**TASK OBJECTIVE**. Every record should be copied exactly, and the images omitted.

%%

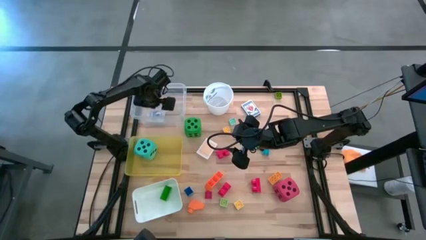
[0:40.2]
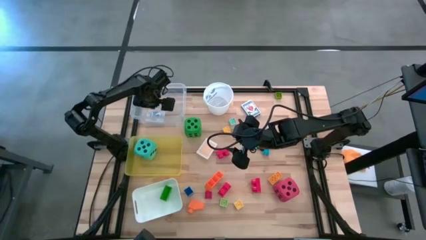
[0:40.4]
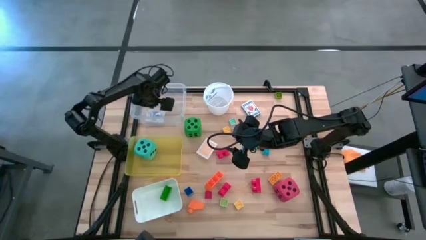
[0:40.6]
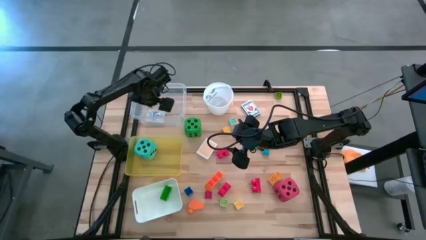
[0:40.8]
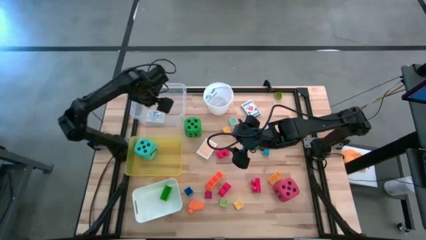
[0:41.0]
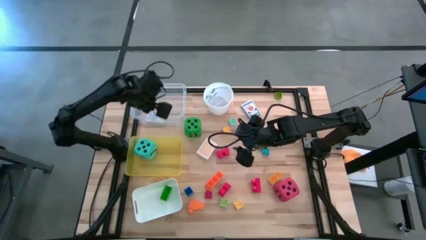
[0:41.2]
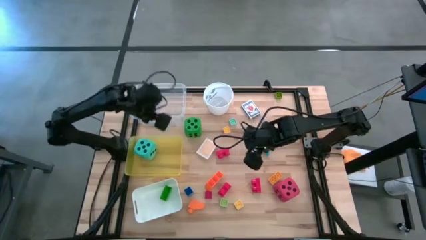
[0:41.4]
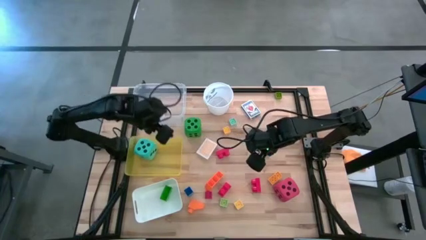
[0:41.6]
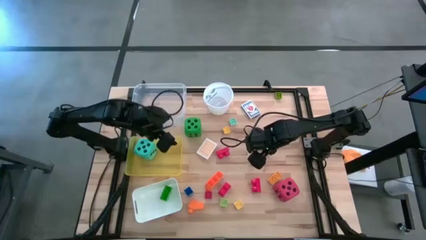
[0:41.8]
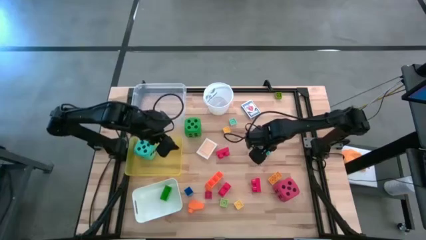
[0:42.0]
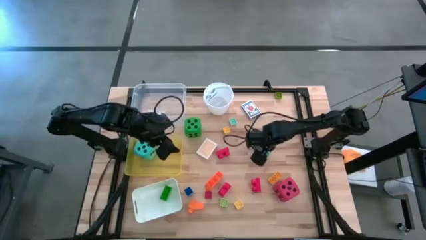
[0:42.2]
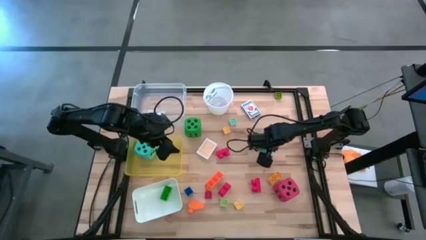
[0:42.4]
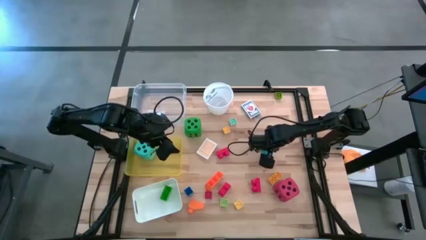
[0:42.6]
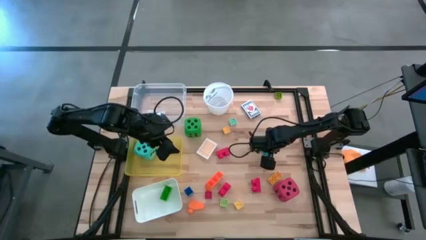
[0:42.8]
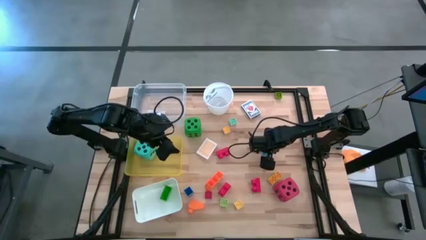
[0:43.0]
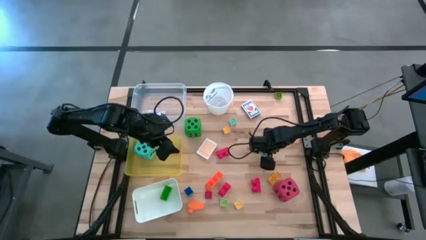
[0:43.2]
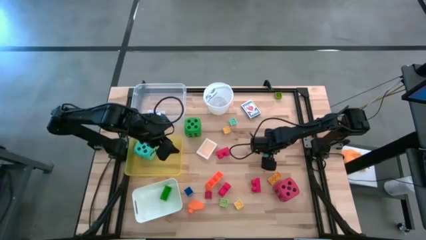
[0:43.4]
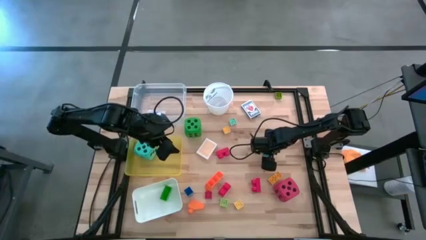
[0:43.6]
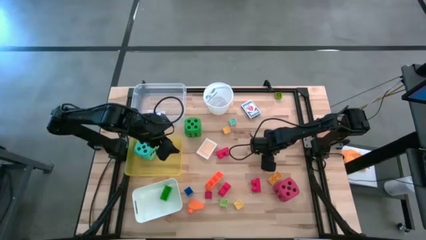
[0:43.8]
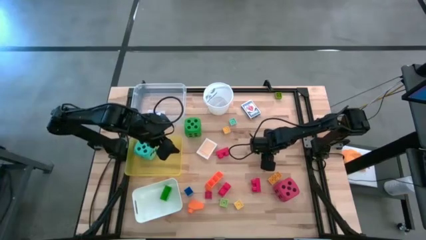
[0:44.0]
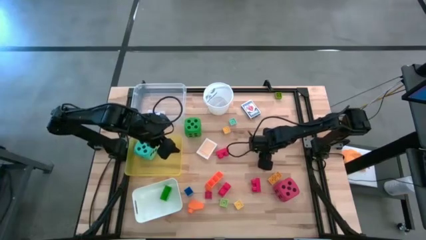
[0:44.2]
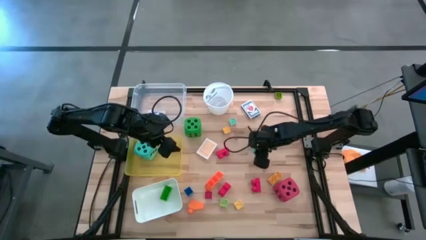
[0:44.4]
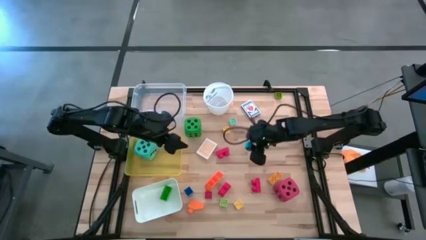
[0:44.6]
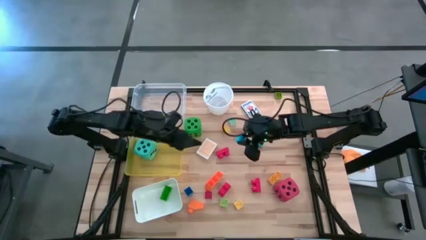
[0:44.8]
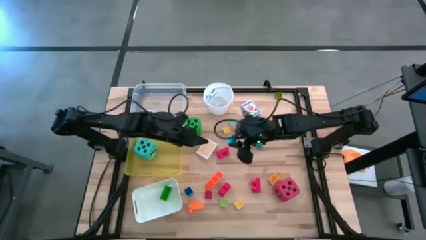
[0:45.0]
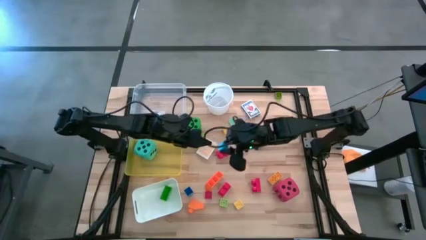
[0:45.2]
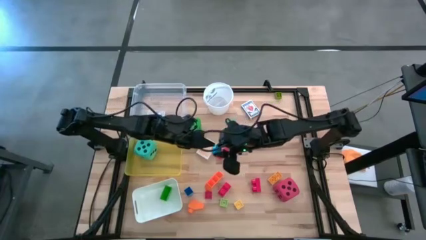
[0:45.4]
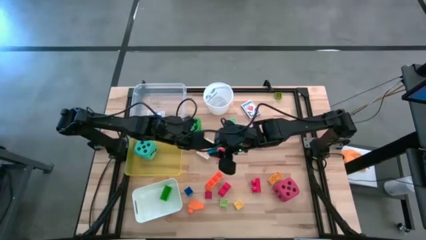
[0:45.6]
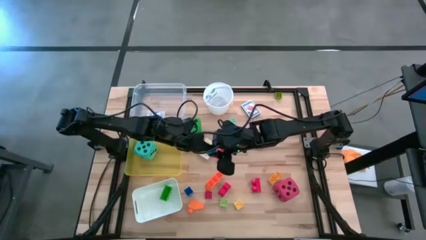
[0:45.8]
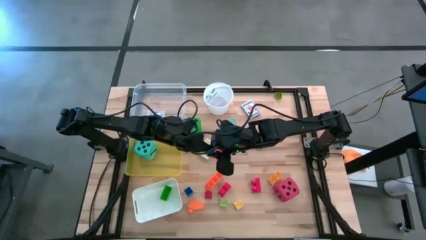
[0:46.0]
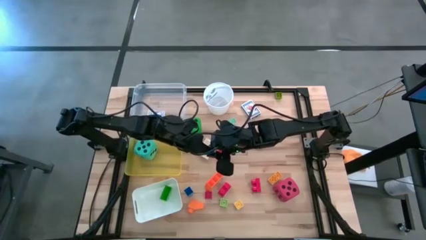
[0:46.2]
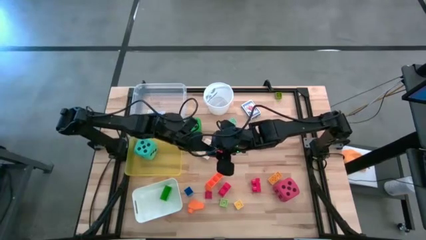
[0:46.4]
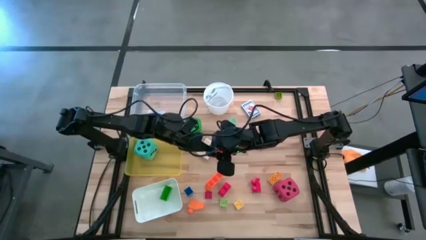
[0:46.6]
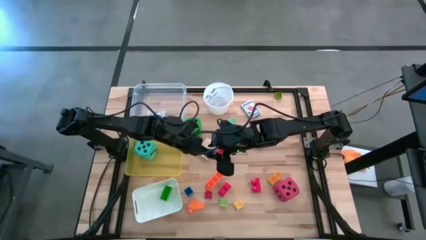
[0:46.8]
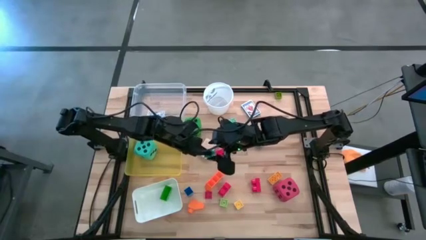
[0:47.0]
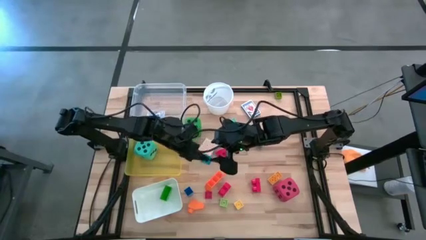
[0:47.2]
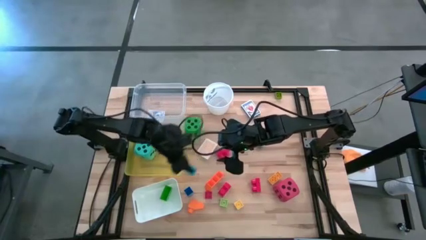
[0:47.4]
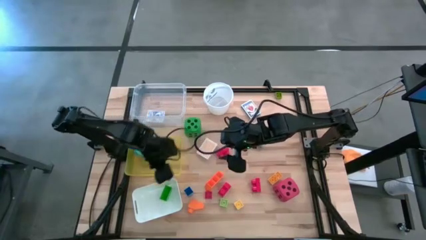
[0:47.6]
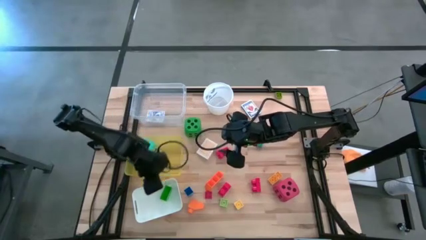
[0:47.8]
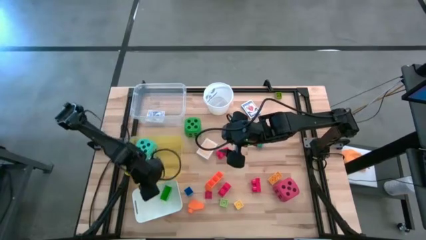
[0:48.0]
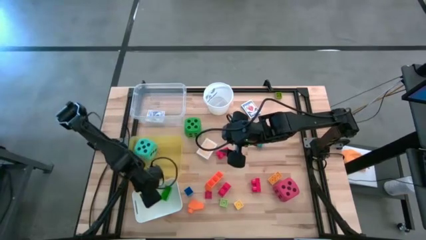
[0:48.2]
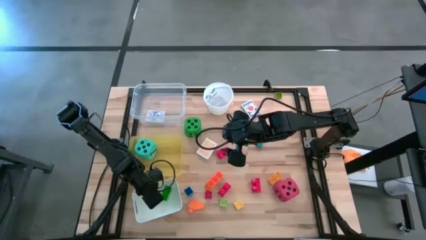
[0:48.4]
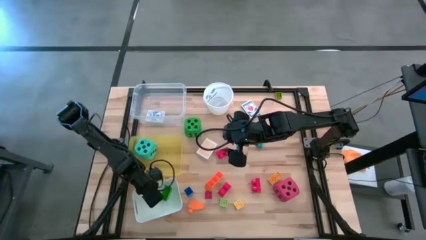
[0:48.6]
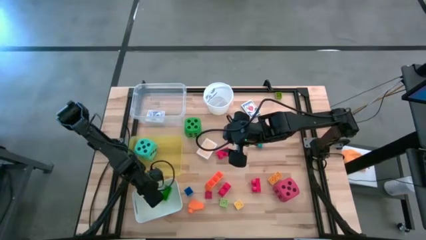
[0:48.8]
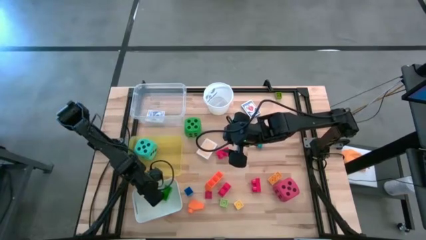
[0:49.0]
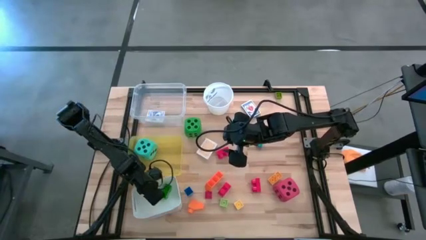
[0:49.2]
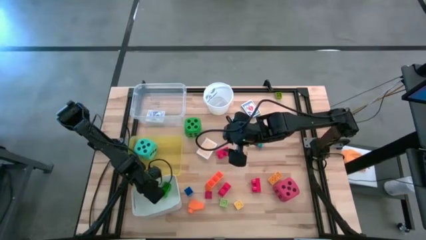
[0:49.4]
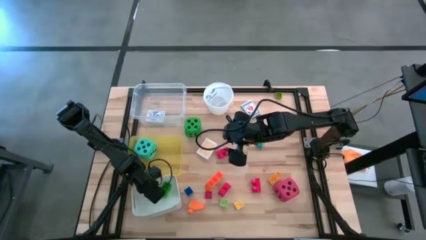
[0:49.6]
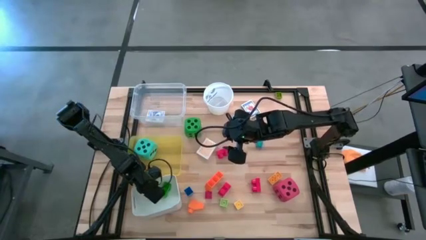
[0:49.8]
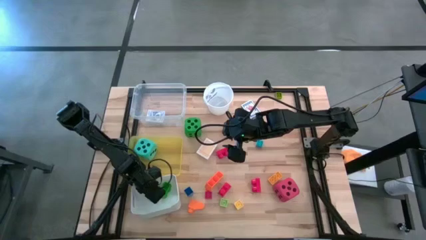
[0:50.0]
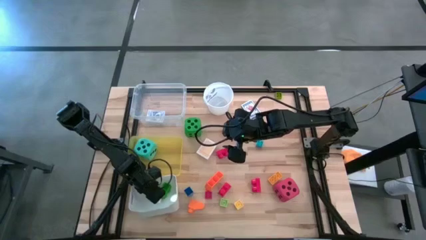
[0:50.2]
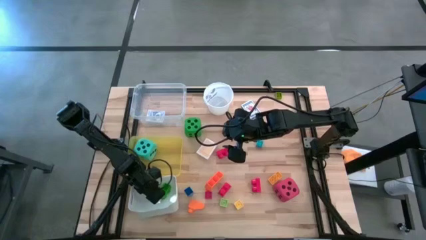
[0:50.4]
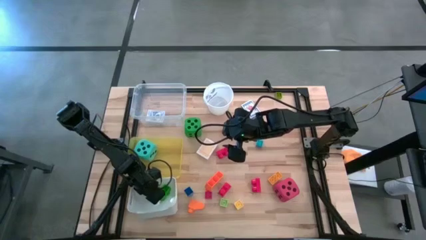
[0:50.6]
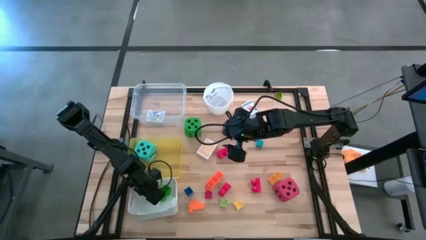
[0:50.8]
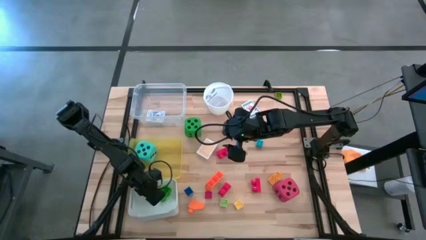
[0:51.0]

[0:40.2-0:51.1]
Task: Pick & Place Toys
Put the right blue game piece into the white bin

%%

**FINISHED TASK**.
[0:40.2]
[0:40.4]
[0:40.6]
[0:40.8]
[0:41.0]
[0:41.2]
[0:41.4]
[0:41.6]
[0:41.8]
[0:42.0]
[0:42.2]
[0:42.4]
[0:42.6]
[0:42.8]
[0:43.0]
[0:43.2]
[0:43.4]
[0:43.6]
[0:43.8]
[0:44.0]
[0:44.2]
[0:44.4]
[0:44.6]
[0:44.8]
[0:45.0]
[0:45.2]
[0:45.4]
[0:45.6]
[0:45.8]
[0:46.0]
[0:46.2]
[0:46.4]
[0:46.6]
[0:46.8]
[0:47.0]
[0:47.2]
[0:47.4]
[0:47.6]
[0:47.8]
[0:48.0]
[0:48.2]
[0:48.4]
[0:48.6]
[0:48.8]
[0:49.0]
[0:49.2]
[0:49.4]
[0:49.6]
[0:49.8]
[0:50.0]
[0:50.2]
[0:50.4]
[0:50.6]
[0:50.8]
[0:51.0]

[0:40.2-0:51.1]
Task: Pick & Place Toys
Put the right blue game piece into the white bin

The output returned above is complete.